Efficiency and Outcomes of Sequence-Specific Self-Targeting in Streptococcus Thermophilus Utilizing Native CRISPR-Cas Type I-E and Type II-a Systems

CRISPR-Cas systems have gained recognition due the specificity of their RNA-mediated, nuclease-dependent targeting, to provide adaptive immunity against phages. This machinery has been repurposed in eukaryotes which has revolutionized the means and potential for genome editing. These systems hinge on Cas effector nucleases to target and generate sequence-specific DNA damage via a double-stranded DNA break (Cas9) or substantial degradation of ssDNA (Cascade-Cas3). Due to notoriously limited DNA repair pathways in bacteria, CRISPR-Cas systems can be repurposed for lethal sequence-specific targeting, as an innovative form of precision antimicrobials. Our objective was to compare the relative killing efficiencies of endogenous Type I and Type II CRISPR-Cas systems in the model organism Streptococcus thermophilus DGCC7710. The hypothesis was that endogenous targeting via Cas3-mediated exonucleolytic DNA damage would elicit more deleterious effects than Cas9-directed endonucleolytic processing. Targeting of lacZ by delivering plasmids carrying CRISPR arrays with targeting spacers repurposing either the native Type I-E or Type II-A systems. We observed efficient killing in both cases, in a dose-dependent manner when delivering 0.4-400ng of plasmid DNA. We next characterized survivors from both targets via PCR screening and sequencing to determine the genetic basis enabling survival.
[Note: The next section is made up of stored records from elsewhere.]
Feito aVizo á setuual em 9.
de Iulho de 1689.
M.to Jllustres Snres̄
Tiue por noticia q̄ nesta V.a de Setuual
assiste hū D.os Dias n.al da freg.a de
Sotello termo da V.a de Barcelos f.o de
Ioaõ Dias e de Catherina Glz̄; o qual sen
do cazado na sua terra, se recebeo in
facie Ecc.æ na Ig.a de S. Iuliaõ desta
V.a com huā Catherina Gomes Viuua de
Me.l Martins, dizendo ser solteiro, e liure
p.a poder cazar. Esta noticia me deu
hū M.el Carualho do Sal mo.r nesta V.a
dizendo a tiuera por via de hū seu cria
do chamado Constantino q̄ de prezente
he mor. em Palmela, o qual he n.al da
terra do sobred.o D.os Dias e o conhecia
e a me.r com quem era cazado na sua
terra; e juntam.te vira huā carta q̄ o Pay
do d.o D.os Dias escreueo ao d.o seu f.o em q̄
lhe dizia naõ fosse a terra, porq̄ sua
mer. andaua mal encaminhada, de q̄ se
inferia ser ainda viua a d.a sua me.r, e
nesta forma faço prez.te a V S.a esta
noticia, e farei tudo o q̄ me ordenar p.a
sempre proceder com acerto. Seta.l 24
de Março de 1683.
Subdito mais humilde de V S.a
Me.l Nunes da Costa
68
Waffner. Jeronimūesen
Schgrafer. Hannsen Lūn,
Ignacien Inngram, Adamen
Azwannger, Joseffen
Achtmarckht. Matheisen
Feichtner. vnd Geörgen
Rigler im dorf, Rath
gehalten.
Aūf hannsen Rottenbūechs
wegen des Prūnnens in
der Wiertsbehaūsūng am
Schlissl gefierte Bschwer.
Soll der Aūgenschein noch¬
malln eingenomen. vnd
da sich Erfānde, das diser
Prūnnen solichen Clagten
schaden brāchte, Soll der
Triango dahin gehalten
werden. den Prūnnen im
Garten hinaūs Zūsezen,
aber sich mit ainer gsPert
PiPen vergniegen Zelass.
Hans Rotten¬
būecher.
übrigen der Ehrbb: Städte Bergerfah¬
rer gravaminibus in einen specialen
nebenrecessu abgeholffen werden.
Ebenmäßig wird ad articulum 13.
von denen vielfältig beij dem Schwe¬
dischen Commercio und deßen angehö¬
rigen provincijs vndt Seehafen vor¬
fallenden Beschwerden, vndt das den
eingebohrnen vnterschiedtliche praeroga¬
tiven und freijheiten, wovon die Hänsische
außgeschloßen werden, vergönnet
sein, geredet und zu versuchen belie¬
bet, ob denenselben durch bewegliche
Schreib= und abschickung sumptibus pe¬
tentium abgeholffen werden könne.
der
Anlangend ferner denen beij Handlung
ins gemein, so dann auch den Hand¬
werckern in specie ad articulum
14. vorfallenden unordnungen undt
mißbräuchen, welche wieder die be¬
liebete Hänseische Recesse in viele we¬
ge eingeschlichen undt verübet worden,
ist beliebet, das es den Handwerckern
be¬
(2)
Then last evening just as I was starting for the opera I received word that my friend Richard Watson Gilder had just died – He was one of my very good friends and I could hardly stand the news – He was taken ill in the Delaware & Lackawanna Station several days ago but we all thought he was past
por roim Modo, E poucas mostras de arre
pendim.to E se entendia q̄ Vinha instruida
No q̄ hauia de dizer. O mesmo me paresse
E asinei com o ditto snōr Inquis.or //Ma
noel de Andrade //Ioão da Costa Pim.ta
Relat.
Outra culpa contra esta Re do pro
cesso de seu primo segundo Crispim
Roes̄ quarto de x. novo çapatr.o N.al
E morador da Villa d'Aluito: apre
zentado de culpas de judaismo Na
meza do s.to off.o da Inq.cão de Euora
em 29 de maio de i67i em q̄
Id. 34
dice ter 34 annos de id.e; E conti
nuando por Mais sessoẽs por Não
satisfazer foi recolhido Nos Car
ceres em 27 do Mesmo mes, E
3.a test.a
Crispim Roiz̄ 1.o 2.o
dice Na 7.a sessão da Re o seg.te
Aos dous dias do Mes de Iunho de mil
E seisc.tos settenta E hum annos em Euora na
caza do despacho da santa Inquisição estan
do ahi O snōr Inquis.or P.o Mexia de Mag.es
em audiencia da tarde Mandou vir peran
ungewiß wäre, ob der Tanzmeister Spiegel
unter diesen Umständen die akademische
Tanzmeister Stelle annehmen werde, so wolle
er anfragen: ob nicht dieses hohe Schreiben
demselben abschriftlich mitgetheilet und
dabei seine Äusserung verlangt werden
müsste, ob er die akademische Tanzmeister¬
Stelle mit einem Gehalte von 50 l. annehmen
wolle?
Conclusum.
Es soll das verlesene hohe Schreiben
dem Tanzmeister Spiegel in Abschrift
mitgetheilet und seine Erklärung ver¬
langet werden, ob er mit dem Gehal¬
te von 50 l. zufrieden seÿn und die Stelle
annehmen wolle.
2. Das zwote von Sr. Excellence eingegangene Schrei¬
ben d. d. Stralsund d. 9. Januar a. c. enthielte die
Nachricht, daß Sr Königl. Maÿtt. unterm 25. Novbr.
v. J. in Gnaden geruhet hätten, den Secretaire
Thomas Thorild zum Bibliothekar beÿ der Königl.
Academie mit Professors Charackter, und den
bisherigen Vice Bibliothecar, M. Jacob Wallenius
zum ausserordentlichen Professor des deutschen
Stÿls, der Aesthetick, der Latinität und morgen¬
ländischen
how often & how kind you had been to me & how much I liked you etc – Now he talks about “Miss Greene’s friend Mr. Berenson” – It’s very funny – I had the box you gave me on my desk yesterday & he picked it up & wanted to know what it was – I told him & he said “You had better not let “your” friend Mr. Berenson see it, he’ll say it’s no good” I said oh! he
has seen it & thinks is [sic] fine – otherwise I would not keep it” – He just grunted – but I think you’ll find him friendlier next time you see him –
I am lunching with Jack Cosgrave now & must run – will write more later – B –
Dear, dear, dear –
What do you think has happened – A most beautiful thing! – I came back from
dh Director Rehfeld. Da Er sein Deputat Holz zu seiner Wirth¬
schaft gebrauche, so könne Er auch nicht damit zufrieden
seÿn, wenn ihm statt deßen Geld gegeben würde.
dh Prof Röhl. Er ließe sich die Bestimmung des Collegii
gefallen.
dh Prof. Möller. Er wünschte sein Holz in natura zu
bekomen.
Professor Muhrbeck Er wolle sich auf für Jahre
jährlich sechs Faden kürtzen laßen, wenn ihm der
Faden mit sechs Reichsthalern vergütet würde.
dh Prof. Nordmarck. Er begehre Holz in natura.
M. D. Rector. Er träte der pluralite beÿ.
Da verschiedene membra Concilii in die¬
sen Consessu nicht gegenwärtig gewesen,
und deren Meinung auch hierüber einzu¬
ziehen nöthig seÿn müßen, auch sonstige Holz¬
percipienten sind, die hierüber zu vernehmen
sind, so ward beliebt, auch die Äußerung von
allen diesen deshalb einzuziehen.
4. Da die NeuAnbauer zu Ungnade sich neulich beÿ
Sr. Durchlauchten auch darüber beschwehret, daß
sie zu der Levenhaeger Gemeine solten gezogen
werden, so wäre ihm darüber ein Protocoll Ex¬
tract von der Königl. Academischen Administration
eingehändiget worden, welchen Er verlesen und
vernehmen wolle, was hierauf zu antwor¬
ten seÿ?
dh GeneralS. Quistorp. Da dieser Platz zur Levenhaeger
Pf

Results showed that Type I-E survival was primarily the result of low-frequency targeting-defective plasmids that lacked the targeting spacer, likely generated via loss through homologous recombination between CRISPR repeats. In contrast, Type II-A survivors had mutations in the chromosomal target. Surprisingly, we observed the excision of a 35 kB genomic segment, putatively generated via homologous recombination between flanking UDP-glucose-4-epimerase sequences (~250 bp identity) to circumvent self-targeting. Future efforts will determine whether Type I-based targeting generates more extensive damage that could yield more potent antimicrobials.